I believe in comforting the grieving. It seems obvious. Those who lose someone are suffering. They need understanding. And love. But, in a society that is uncomfortable with death and dying, in which real community becomes less and less real, we are afraid. And in our fear, we often do nothing.
In February, after my dad’s death from leukemia, I felt the power of community. Family and friends descended upon my parents’ home in rural Pennsylvania. They came with casseroles, vegetable soup, bags of groceries. People came and sat and listened.
But a week later, when my husband, son and I returned to our home in Portland, Oregon, there was silence. A cold, empty house. Steel gray sky, rain. A pile of mail, mostly junk. Some cards and e-mails awaited us. But no visits or phone calls. For the most part, friends stayed away.

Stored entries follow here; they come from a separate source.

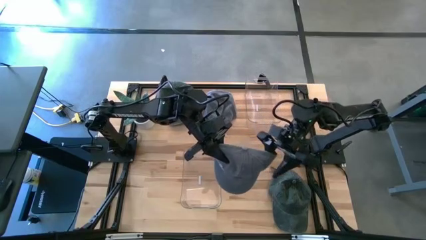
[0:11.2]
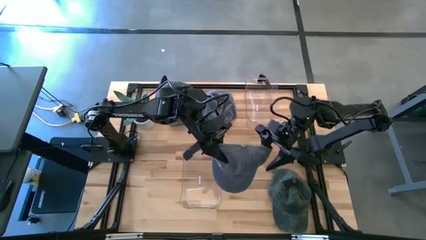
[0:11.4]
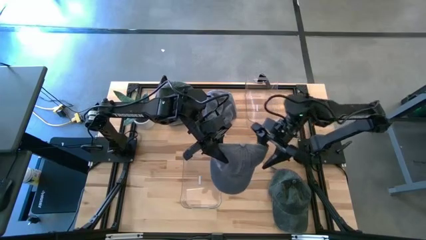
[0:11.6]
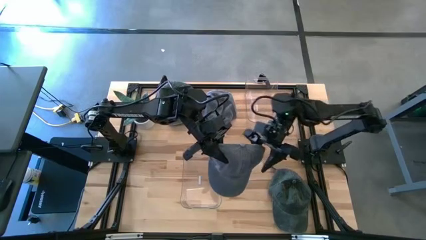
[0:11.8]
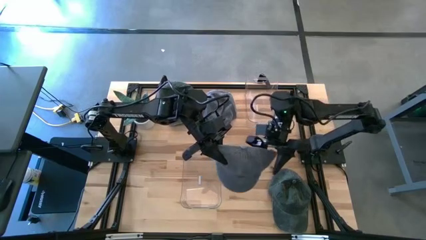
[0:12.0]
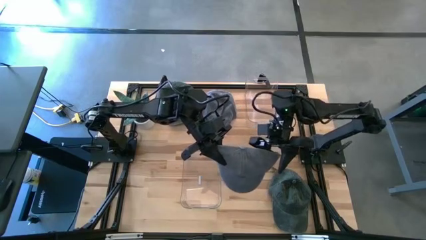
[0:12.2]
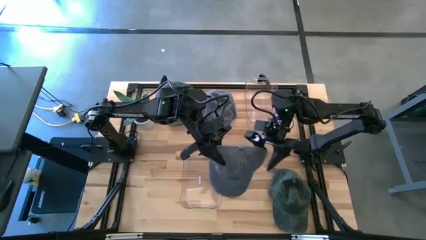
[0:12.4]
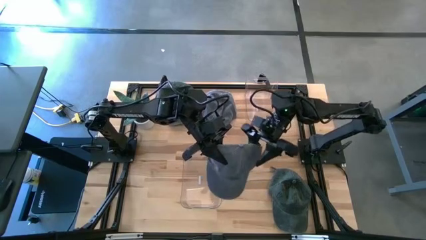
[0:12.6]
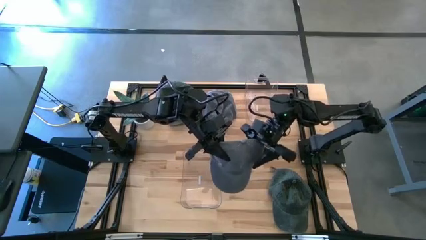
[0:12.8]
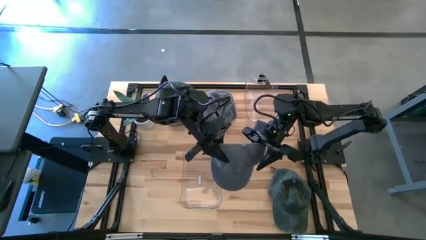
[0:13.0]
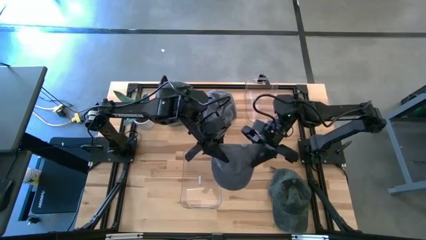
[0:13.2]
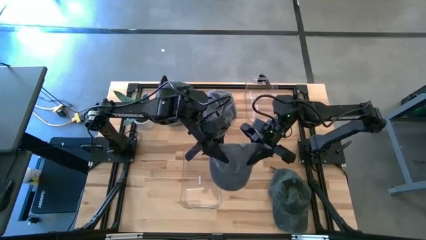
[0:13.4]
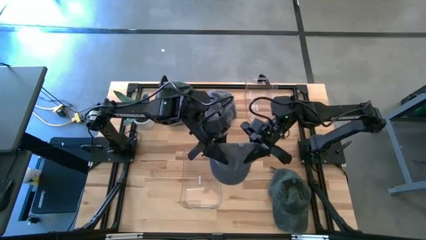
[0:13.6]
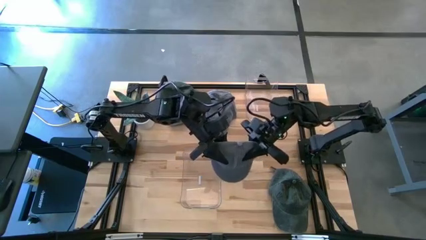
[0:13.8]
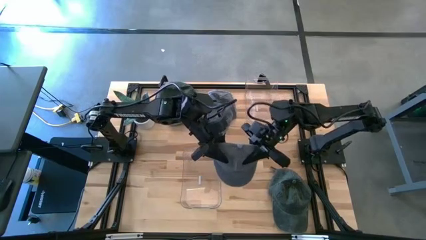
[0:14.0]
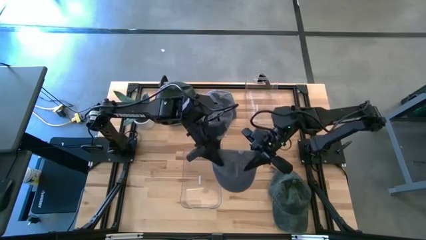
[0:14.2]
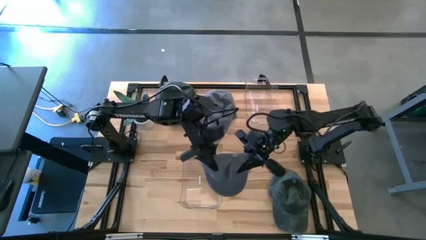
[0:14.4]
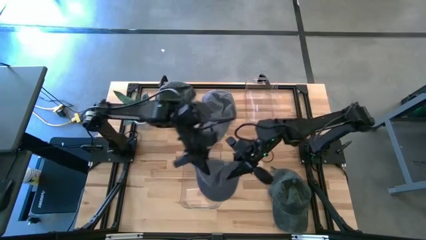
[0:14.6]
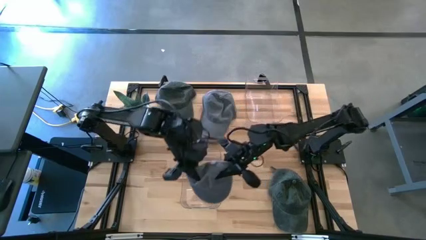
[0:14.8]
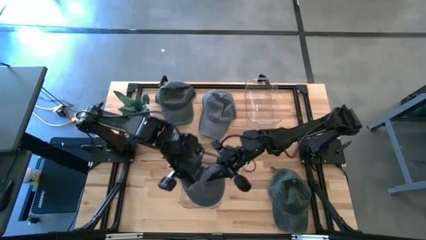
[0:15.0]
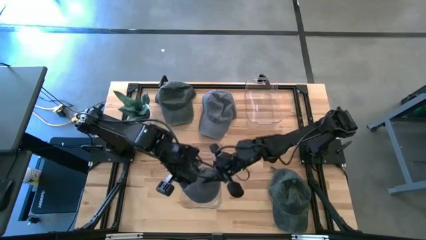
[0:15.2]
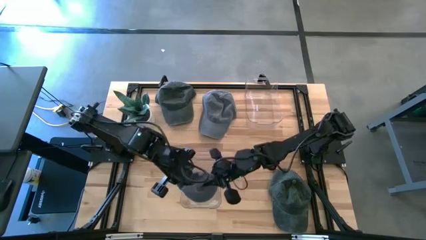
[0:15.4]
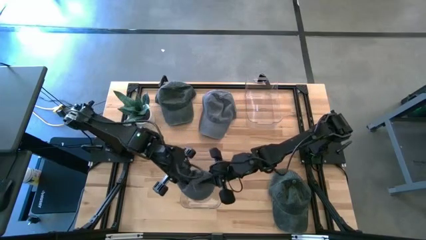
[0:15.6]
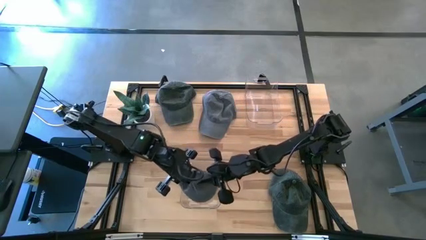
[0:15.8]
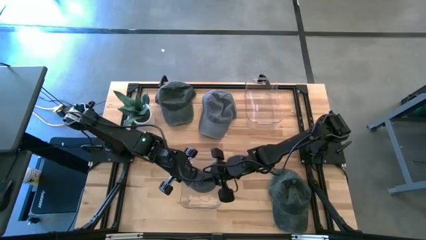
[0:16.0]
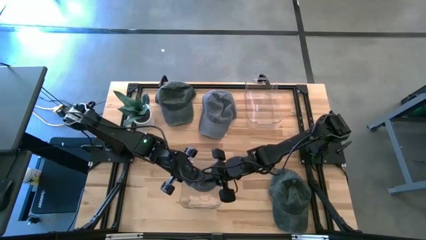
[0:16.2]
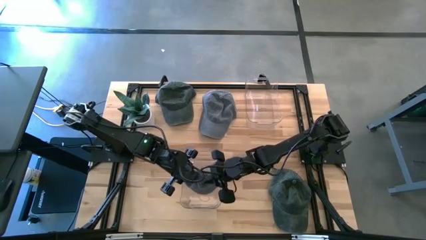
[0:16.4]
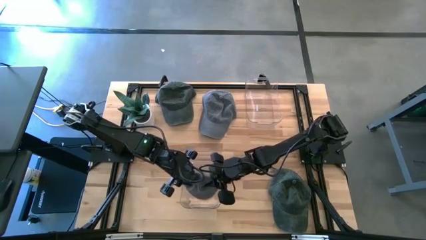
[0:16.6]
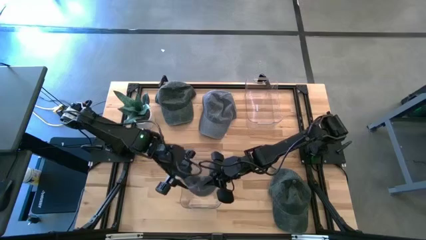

My husband and I asked ourselves why. Maybe it was because we’re not church members, like my parents. Or because we don’t live in a small town. Maybe, as modern urbanites, we’re too independent. Maybe it’s our generation. We didn’t know. All we knew was that we felt so alone.
When friends lost family members before this, I didn’t know what to do. I was uncomfortable and afraid. Sometimes I sent a sympathy card or dropped off a meal. But I never sat and listened. Too often, I did nothing at all.
The recent, painful loss of my dad has helped me to see my own ignorance. Of death and dying, of the process of grief. It has shown me the importance of comforting the grieving.
So, in the future, when friends lose a loved one, I will do something. Even if I don’t know the right thing to do. I will not say, “Let me know if you need anything,” because they will not tell me. I simply need to do something. Bring meals or groceries. Run errands. Watch children.
But most important, I will be present. Talking about the loss will not remind friends of something they’d forgotten. Friends will want me to acknowledge the loss – not act as if it never happened. They will want to tell their stories: the frustrations, disappointments, heartbreak. They will want me to be there. To listen. I will not ask if things are “getting back to normal” after a week or a month. They won’t be. And normal will be different, anyway.
It has taken me nearly forty years to learn this lesson. But now, I have learned. Comforting the grieving helps us to acknowledge that suffering is universal. As humans, we are connected by this suffering. And, during times of loss and grief, it is my hope that the community will descend upon all of our homes with casseroles and warm vegetable soup. That the community will sit with us and hear our stories. I believe we all deserve this. This comfort. This love.